M is the largest three digit number that leaves a remainder of 5 when divided by 6 and a remainder of 3 when divided by 5. What remainder does M leave when it is divided by 11?

Introduction / Context:
This question is a classic example of solving simultaneous congruences and then applying modular arithmetic again with a new divisor. It tests skill with Chinese remainder style reasoning and with searching for a largest three digit number that satisfies two different remainder conditions. After finding this number, we compute one more remainder with respect to a new divisor, which completes the problem.

Given Data / Assumptions:

• M is a three digit integer.
• M leaves remainder 5 when divided by 6, so M ≡ 5 (mod 6).
• M leaves remainder 3 when divided by 5, so M ≡ 3 (mod 5).
• Among all three digit numbers with these properties, M is the largest.
• We need the remainder when M is divided by 11.

Concept / Approach:
We solve the system of congruences M ≡ 5 (mod 6) and M ≡ 3 (mod 5). Because 6 and 5 are coprime, such numbers repeat with period equal to the least common multiple, which is 30. We can find one solution and then generate all other solutions by adding multiples of 30. From those, we pick the largest three digit solution.
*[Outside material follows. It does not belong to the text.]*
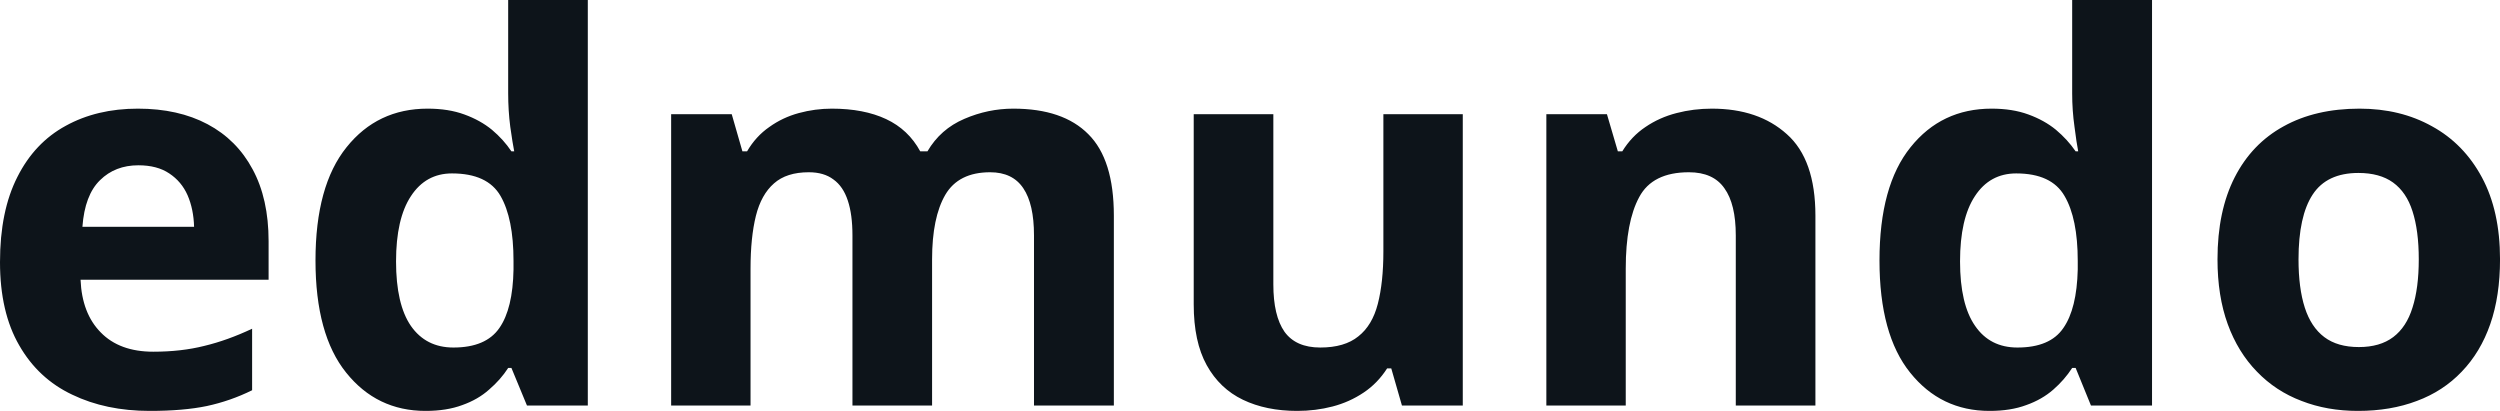 <svg fill="#0d141a" viewBox="0 0 107.689 17.699" height="100%" width="100%" xmlns="http://www.w3.org/2000/svg"><path preserveAspectRatio="none" d="M5.94 4.68L5.94 4.68Q7.68 4.68 8.94 5.35Q10.20 6.02 10.88 7.29Q11.57 8.56 11.57 10.39L11.57 10.39L11.57 12.05L3.47 12.05Q3.53 13.50 4.34 14.32Q5.15 15.15 6.60 15.15L6.60 15.15Q7.81 15.15 8.80 14.90Q9.80 14.66 10.86 14.16L10.86 14.16L10.86 16.81Q9.93 17.27 8.91 17.49Q7.90 17.70 6.45 17.70L6.45 17.70Q4.56 17.70 3.11 17.00Q1.65 16.31 0.83 14.88Q0 13.45 0 11.29L0 11.29Q0 9.09 0.75 7.62Q1.49 6.15 2.83 5.42Q4.17 4.68 5.94 4.68ZM5.96 7.12L5.96 7.12Q4.96 7.12 4.31 7.76Q3.65 8.40 3.55 9.77L3.55 9.77L8.36 9.77Q8.34 9.01 8.08 8.41Q7.82 7.82 7.29 7.47Q6.77 7.12 5.96 7.12ZM18.33 17.70L18.33 17.70Q16.23 17.70 14.91 16.05Q13.59 14.41 13.59 11.22L13.59 11.22Q13.59 8.00 14.93 6.34Q16.26 4.68 18.42 4.68L18.42 4.68Q19.32 4.68 20.00 4.93Q20.69 5.18 21.19 5.59Q21.69 6.01 22.03 6.52L22.03 6.52L22.15 6.52Q22.08 6.17 21.98 5.46Q21.89 4.76 21.89 4.02L21.89 4.02L21.89 0L25.32 0L25.32 17.47L22.70 17.47L22.03 15.85L21.89 15.85Q21.56 16.36 21.07 16.78Q20.59 17.21 19.91 17.45Q19.24 17.70 18.33 17.70ZM19.53 14.97L19.53 14.97Q20.93 14.97 21.51 14.13Q22.09 13.30 22.12 11.61L22.12 11.61L22.12 11.24Q22.12 9.41 21.56 8.44Q21.00 7.47 19.47 7.47L19.47 7.47Q18.34 7.47 17.70 8.45Q17.06 9.42 17.06 11.26L17.06 11.26Q17.06 13.11 17.70 14.04Q18.35 14.97 19.53 14.97ZM43.65 4.68L43.65 4.68Q45.79 4.68 46.88 5.78Q47.98 6.87 47.98 9.29L47.98 9.29L47.98 17.47L44.54 17.47L44.54 10.14Q44.54 8.79 44.08 8.11Q43.62 7.42 42.65 7.42L42.65 7.42Q41.29 7.42 40.72 8.39Q40.15 9.37 40.15 11.17L40.15 11.17L40.15 17.47L36.72 17.47L36.72 10.14Q36.72 9.24 36.52 8.64Q36.32 8.03 35.90 7.73Q35.49 7.42 34.84 7.42L34.84 7.42Q33.88 7.42 33.34 7.90Q32.79 8.38 32.56 9.30Q32.33 10.23 32.33 11.57L32.33 11.57L32.33 17.47L28.91 17.47L28.91 4.92L31.52 4.92L31.98 6.52L32.18 6.52Q32.56 5.87 33.14 5.47Q33.71 5.06 34.41 4.87Q35.11 4.68 35.83 4.68L35.83 4.68Q37.21 4.68 38.17 5.13Q39.13 5.58 39.64 6.52L39.64 6.52L39.95 6.52Q40.51 5.56 41.54 5.12Q42.56 4.68 43.65 4.68ZM59.59 4.92L63.01 4.92L63.01 17.47L60.39 17.47L59.93 15.87L59.75 15.87Q59.34 16.51 58.74 16.91Q58.13 17.32 57.40 17.51Q56.67 17.70 55.88 17.70L55.88 17.70Q54.54 17.70 53.54 17.22Q52.54 16.74 51.98 15.73Q51.42 14.72 51.42 13.11L51.42 13.11L51.42 4.92L54.85 4.92L54.85 12.25Q54.85 13.60 55.33 14.29Q55.82 14.97 56.87 14.97L56.87 14.97Q57.92 14.97 58.51 14.49Q59.11 14.02 59.35 13.09Q59.59 12.16 59.59 10.83L59.59 10.83L59.59 4.92ZM73.74 4.68L73.74 4.68Q75.75 4.68 76.97 5.78Q78.20 6.87 78.20 9.29L78.20 9.29L78.20 17.47L74.77 17.47L74.77 10.14Q74.77 8.79 74.28 8.11Q73.80 7.42 72.75 7.42L72.75 7.42Q71.18 7.42 70.61 8.49Q70.03 9.56 70.03 11.57L70.03 11.57L70.03 17.47L66.61 17.47L66.61 4.92L69.22 4.92L69.69 6.52L69.88 6.52Q70.28 5.87 70.88 5.47Q71.48 5.06 72.22 4.87Q72.95 4.68 73.74 4.68ZM85.70 17.70L85.70 17.70Q83.60 17.70 82.28 16.05Q80.96 14.41 80.96 11.22L80.96 11.22Q80.96 8.00 82.30 6.34Q83.63 4.68 85.79 4.68L85.79 4.68Q86.69 4.68 87.37 4.93Q88.06 5.18 88.56 5.59Q89.06 6.01 89.41 6.52L89.41 6.52L89.52 6.52Q89.45 6.17 89.36 5.46Q89.26 4.76 89.26 4.02L89.26 4.02L89.26 0L92.70 0L92.70 17.47L90.07 17.47L89.41 15.85L89.26 15.85Q88.93 16.36 88.45 16.78Q87.96 17.21 87.28 17.45Q86.61 17.70 85.70 17.70ZM86.90 14.97L86.90 14.97Q88.31 14.97 88.88 14.13Q89.46 13.30 89.50 11.61L89.50 11.61L89.50 11.24Q89.50 9.41 88.93 8.44Q88.37 7.47 86.85 7.47L86.85 7.47Q85.71 7.47 85.07 8.45Q84.43 9.42 84.43 11.26L84.43 11.26Q84.43 13.11 85.08 14.04Q85.72 14.97 86.90 14.97ZM107.69 11.17L107.69 11.17Q107.69 12.75 107.27 13.96Q106.85 15.17 106.04 16.01Q105.24 16.85 104.11 17.27Q102.98 17.70 101.57 17.70L101.57 17.70Q100.24 17.70 99.14 17.27Q98.03 16.85 97.22 16.01Q96.40 15.17 95.96 13.96Q95.52 12.75 95.52 11.17L95.52 11.17Q95.52 9.09 96.26 7.64Q97.00 6.19 98.37 5.44Q99.74 4.68 101.64 4.68L101.64 4.68Q103.40 4.68 104.76 5.44Q106.13 6.19 106.91 7.64Q107.69 9.09 107.69 11.17ZM99.01 11.17L99.01 11.17Q99.01 12.41 99.28 13.25Q99.55 14.09 100.12 14.52Q100.69 14.95 101.61 14.95L101.61 14.95Q102.52 14.95 103.09 14.52Q103.66 14.09 103.92 13.25Q104.19 12.41 104.19 11.17L104.19 11.17Q104.19 9.93 103.92 9.10Q103.66 8.28 103.08 7.86Q102.51 7.45 101.59 7.45L101.59 7.45Q100.23 7.45 99.62 8.38Q99.01 9.31 99.01 11.17Z"></path></svg>

Finally, we divide this M by 11 to get the required remainder.

Step-by-Step Solution:
We need solutions of M ≡ 5 (mod 6) and M ≡ 3 (mod 5).Let us search for a solution modulo 30, since lcm of 6 and 5 is 30.Check numbers congruent to 5 modulo 6: 5, 11, 17, 23, 29, etc.Among these, test which is also congruent to 3 modulo 5.Take 23: 23 mod 5 = 3, so 23 satisfies both congruences.Thus, all solutions can be written as M = 23 + 30k, where k is a non negative integer.We now want the largest three digit M. So solve 23 + 30k ≤ 999.This gives 30k ≤ 976, so k ≤ 32.53..., hence k can be at most 32.Compute M for k = 32: M = 23 + 30 * 32 = 23 + 960 = 983.Thus, M = 983 is the largest three digit number satisfying the given conditions.Now compute the remainder when 983 is divided by 11.11 * 89 = 979 and 983 - 979 = 4.So the remainder is 4.

Verification / Alternative check:
Check with 6: 983 divided by 6 gives quotient 163 and remainder 5, which matches the first condition.Check with 5: 983 divided by 5 gives remainder 3, which matches the second condition.Check with 11: 983 = 11 * 89 + 4, so the remainder is 4, confirming our answer.

Why Other Options Are Wrong:
Remainders 1, 2, or 3 would correspond to different congruence results when 983 is divided by 11, which contradicts the actual computation.If a different three digit number is mistakenly chosen instead of 983, it will either not be the largest or fail one of the original remainder conditions.

Common Pitfalls:
Some learners incorrectly add 6 and 5 instead of using the least common multiple 30 as the period for repeating solutions.Another mistake is to forget that the number must be three digit, so values above 999 or below 100 must be rejected.It is also easy to make an arithmetic slip when converting from congruences to actual numbers of the form 23 + 30k.

Final Answer:
The remainder when M is divided by 11 is 4.